The deaths of hundreds of thousands of people at the hands of both government and rebel forces in Darfur have captured global headlines and made a mockery of the international "never again" pledge after the 1994 genocide in Rwanda.
Now, the International Criminal Court is poised to determine whether an arrest warrant will be issued for the president of Sudan, Omar Hassan al-Bashir, on charges related to the atrocities committed in Darfur, and the ICC's chief prosecutor has just presented evidence against members of a rebel group related to attacks on UN peacekeepers.
It is a historic moment for the people of Darfur -- and for the future of international justice. If Mr. Bashir and the other individuals accused by the ICC of similar crimes are successfully prosecuted, it will be an important step not only in stemming the violence in Sudan, but also in the deterrence of future atrocities.
It is hard to overestimate the importance of holding criminal trials for those responsible for atrocities such as those in Rwanda, the Congo, East Timor and the Balkans. Yet the ICC has neither the capacity nor the mandate to act as the sole forum for these trials. The role of national courts - including those in Canada - is fundamental to the international criminal justice system, closing the gap that has allowed those who plan and carry out the most serious crimes to escape justice. If Canada wants to make a tangible contribution to stemming global violence, justice through Canadian courts provides one of the best opportunities.
Ensuring justice and other forms of redress for victims of atrocities is directly relevant for Canadians: The 2006 Statistics Canada census shows that more than six million people living in Canada are foreign-born. According to torture treatment experts, up to one-third of immigrants and refugees globally have been affected by war trauma and torture, including such egregious acts as mutilation, rape and the forced disappearance or killing of members of their families.
Canada was among the first states to ratify the treaty establishing the ICC, and at the same time it implemented its treaty obligations by enacting new domestic war crimes legislation. This new law, passed in 2000, clarifies that Canadian courts can hear cases against those accused of committing or aiding and abetting war crimes, crimes against humanity and genocide.
Since 2000, however, the government's commitment has waned. In the eight years since the new law came into force, the government has only initiated one prosecution of an alleged war criminal - despite the fact that the government has hundreds of open files on suspected war criminals currently in Canada.
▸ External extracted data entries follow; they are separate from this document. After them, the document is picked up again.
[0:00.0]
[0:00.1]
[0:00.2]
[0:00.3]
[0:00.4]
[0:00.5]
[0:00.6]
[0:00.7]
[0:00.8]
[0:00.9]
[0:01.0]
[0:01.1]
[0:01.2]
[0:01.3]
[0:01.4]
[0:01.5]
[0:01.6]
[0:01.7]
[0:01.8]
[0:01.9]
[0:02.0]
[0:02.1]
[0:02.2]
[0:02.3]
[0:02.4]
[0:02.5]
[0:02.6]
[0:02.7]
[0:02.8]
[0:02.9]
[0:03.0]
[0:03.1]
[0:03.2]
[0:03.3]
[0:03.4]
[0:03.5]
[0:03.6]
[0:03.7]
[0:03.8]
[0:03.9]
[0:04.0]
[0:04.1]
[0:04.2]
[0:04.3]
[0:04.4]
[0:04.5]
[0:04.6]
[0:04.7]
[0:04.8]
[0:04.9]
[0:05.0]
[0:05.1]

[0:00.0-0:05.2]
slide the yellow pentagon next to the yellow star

A big part of the problem: The government has not increased its War Crimes Program budget in 10 years. The vast majority of that budget is allocated to dealing with suspected war criminals by sending people out of the country or preventing them from entering in the first place. This gives no regard to the interests of victims and the potential contribution to deterring future atrocities, nor does it take into account the fate of the named individual who has little opportunity to respond to the allegations and may face persecution upon return to the home country.
Canada's civil law system is an equally ineffective means of redress for victims of atrocities who have fled to Canada or who are Canadian citizens. Canadian torture victims have failed in their attempts to sue in Ontario courts governments such as Syria and Iran, because foreign states and their agents have immunity from such claims.
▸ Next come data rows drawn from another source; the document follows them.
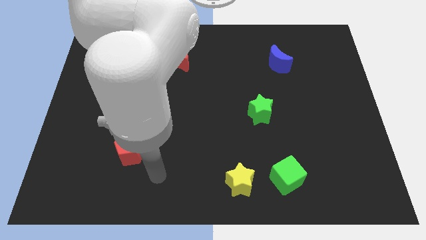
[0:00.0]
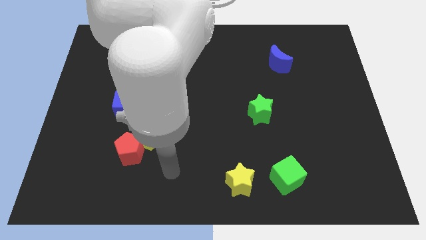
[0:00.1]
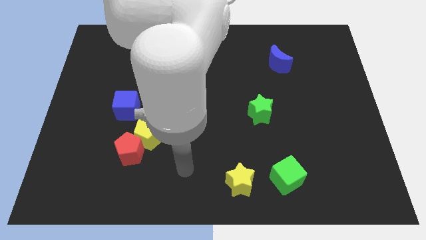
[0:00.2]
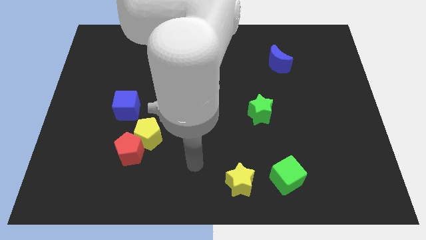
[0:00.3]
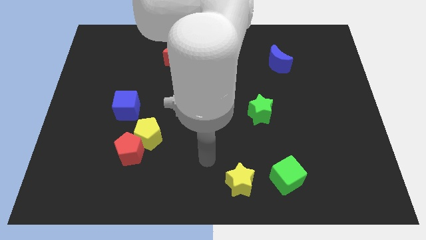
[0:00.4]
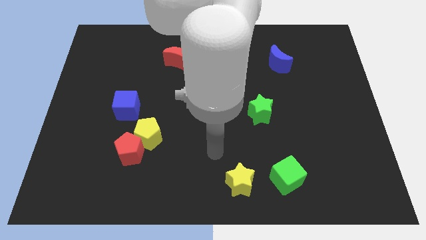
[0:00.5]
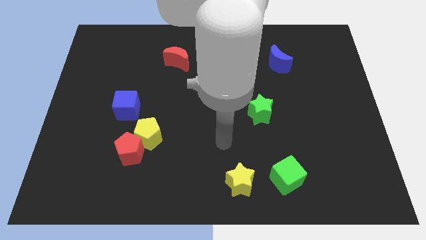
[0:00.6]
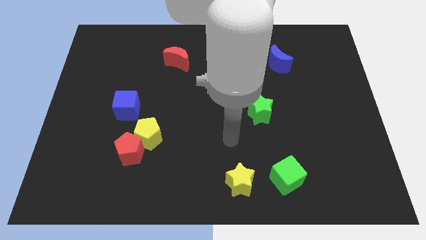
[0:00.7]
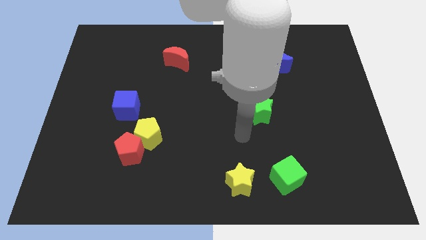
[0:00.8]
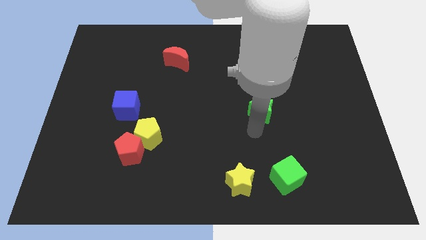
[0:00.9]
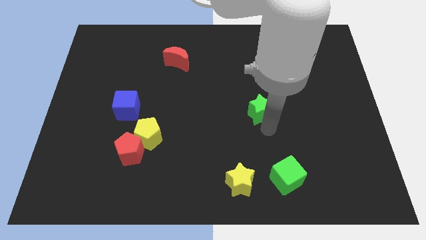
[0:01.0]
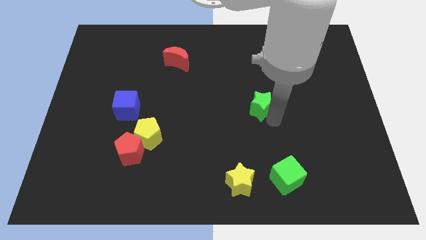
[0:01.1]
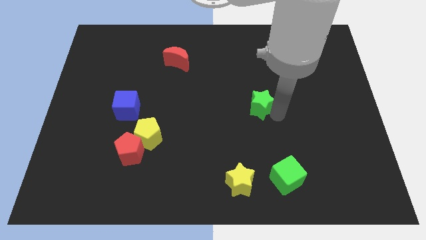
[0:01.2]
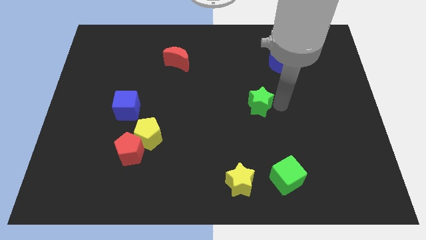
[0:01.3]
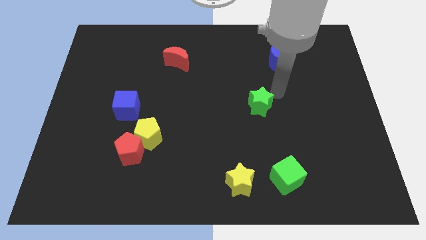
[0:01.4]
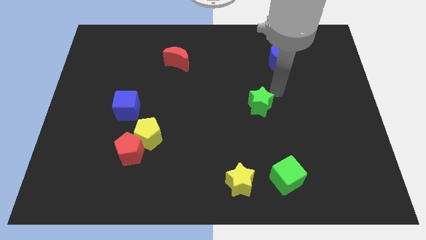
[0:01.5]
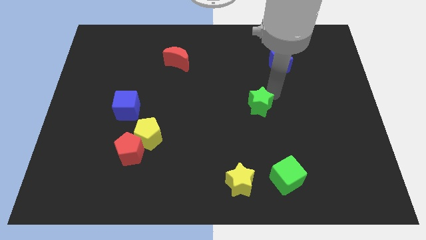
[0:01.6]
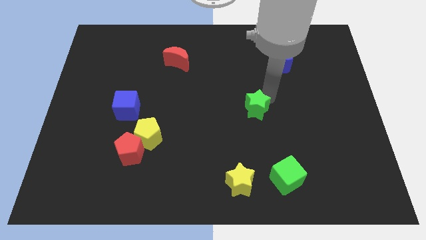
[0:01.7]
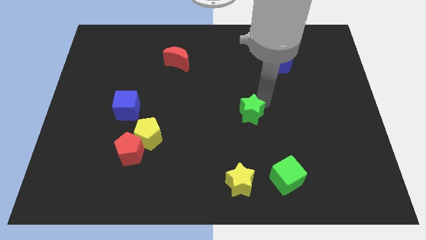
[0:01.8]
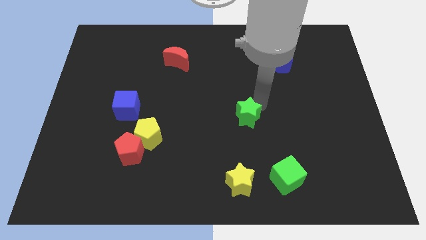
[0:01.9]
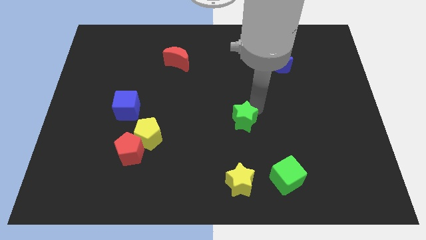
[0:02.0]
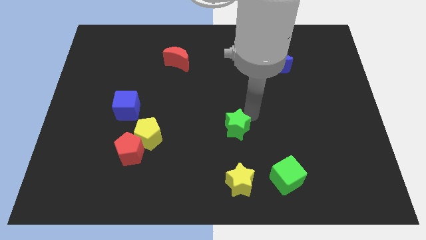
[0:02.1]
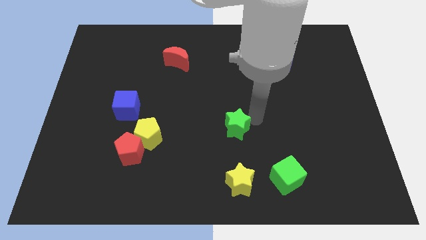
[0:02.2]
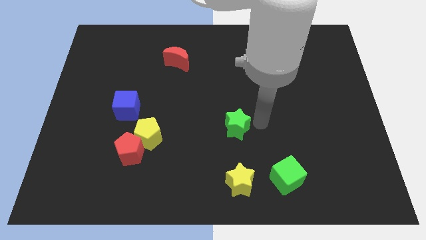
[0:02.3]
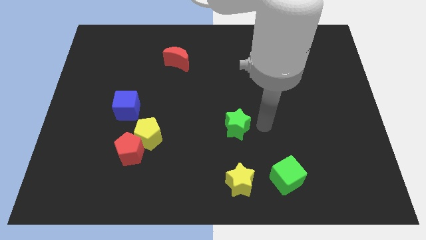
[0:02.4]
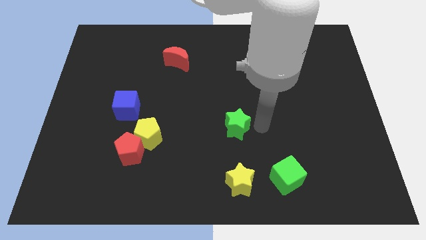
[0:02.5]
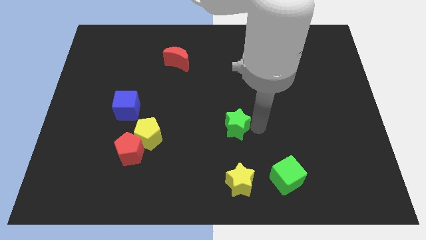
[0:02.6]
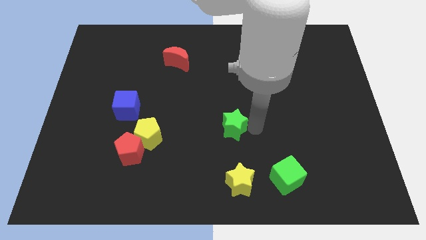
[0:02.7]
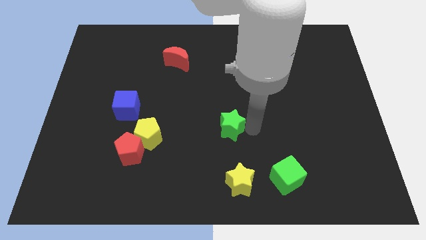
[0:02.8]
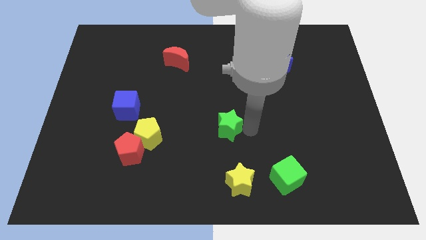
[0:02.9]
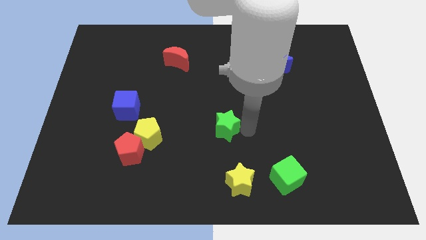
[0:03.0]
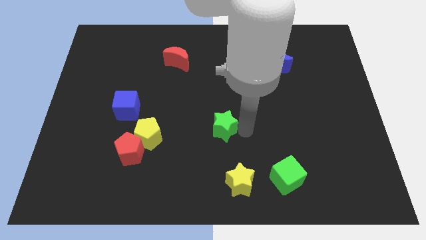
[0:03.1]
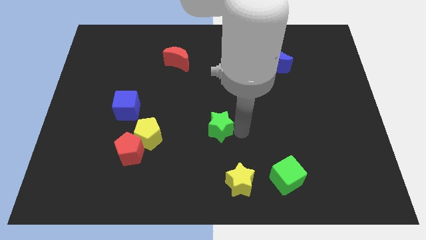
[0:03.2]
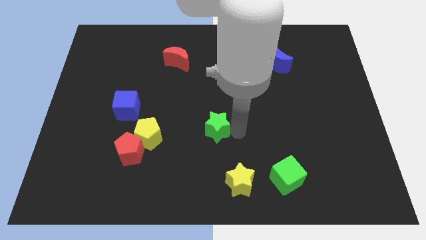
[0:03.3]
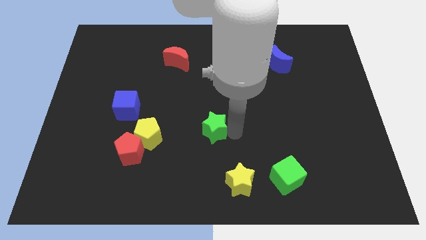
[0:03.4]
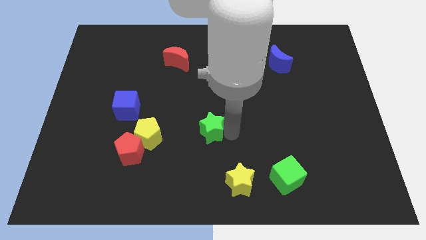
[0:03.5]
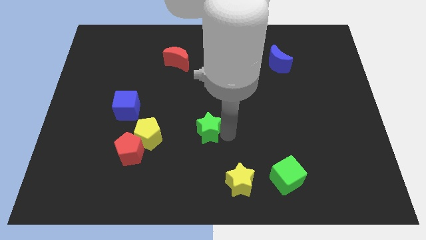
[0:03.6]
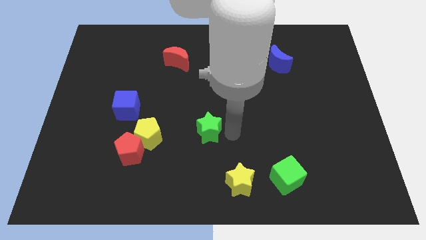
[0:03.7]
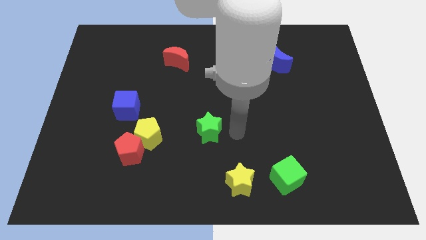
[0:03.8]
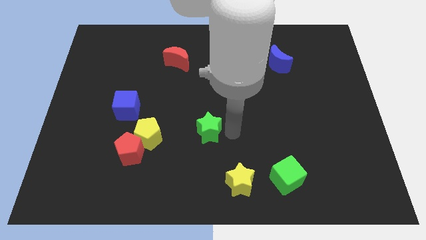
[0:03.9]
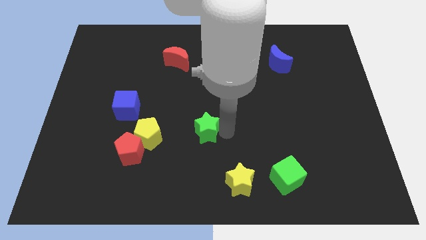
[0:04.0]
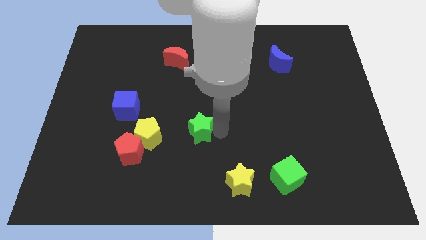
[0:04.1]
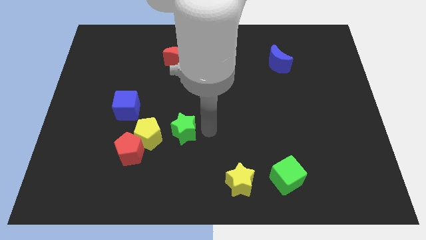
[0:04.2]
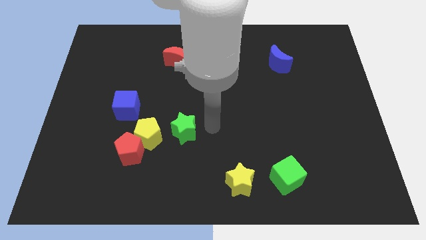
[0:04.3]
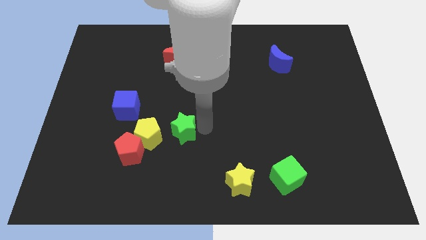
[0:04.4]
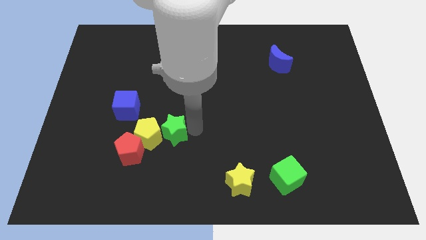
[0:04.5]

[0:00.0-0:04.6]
put the green star to the yellow pentagon

The United Nations Committee against Torture, the body that monitors state compliance with obligations under the Convention Against Torture, has criticized Canada for failing to provide an effective remedy for victims of torture in these cases. For a country like Canada, which has put itself forward as a defender of international human rights and international justice, not to follow through with its moral and legal commitments sends a dangerous signal to other states. In reassuming its leadership role, the Canadian government should focus on both criminal prosecutions and civil law reform.
How? First of all, it needs to increase its funding of the federal War Crimes Program, specifically for investigations and prosecutions of those suspected of having committed the most serious international crimes. At a minimum, the government should reallocate its spending within the program to give investigations and prosecutions of suspected war criminals a higher priority.
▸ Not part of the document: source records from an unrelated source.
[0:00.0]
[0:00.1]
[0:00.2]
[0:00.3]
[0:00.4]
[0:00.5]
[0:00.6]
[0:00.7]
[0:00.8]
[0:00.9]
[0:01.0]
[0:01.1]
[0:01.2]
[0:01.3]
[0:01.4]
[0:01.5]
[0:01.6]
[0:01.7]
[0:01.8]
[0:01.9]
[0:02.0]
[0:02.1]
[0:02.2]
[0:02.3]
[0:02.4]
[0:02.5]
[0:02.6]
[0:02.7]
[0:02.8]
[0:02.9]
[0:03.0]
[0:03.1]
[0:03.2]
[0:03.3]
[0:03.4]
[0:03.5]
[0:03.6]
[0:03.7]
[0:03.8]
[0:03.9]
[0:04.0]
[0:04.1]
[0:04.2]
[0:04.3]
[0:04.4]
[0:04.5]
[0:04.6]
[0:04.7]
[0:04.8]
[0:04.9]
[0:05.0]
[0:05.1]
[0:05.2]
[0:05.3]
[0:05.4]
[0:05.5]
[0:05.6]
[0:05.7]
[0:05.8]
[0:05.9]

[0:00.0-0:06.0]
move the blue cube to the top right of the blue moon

Secondly, in order to provide an effective remedy for victims of atrocities committed by foreign states, Canada's State Immunity Act needs to be amended to provide for the possibility of holding foreign governments and individual government officials accountable where they plan, participate in or are complicit in the most egregious violations of international law.
Canadians want an end to violence in Darfur -- and worldwide. The time has come for an unequivocal commitment by the Canadian government to help prevent such atrocities and to provide a measure of redress for victims through the use of Canadian courts.
Lloyd Axworthy was Canada's foreign affairs minister from 1996 to 2000. Penelope Simons teaches international law at the University of Ottawa. Both are affiliated with the Canadian Centre for International Justice.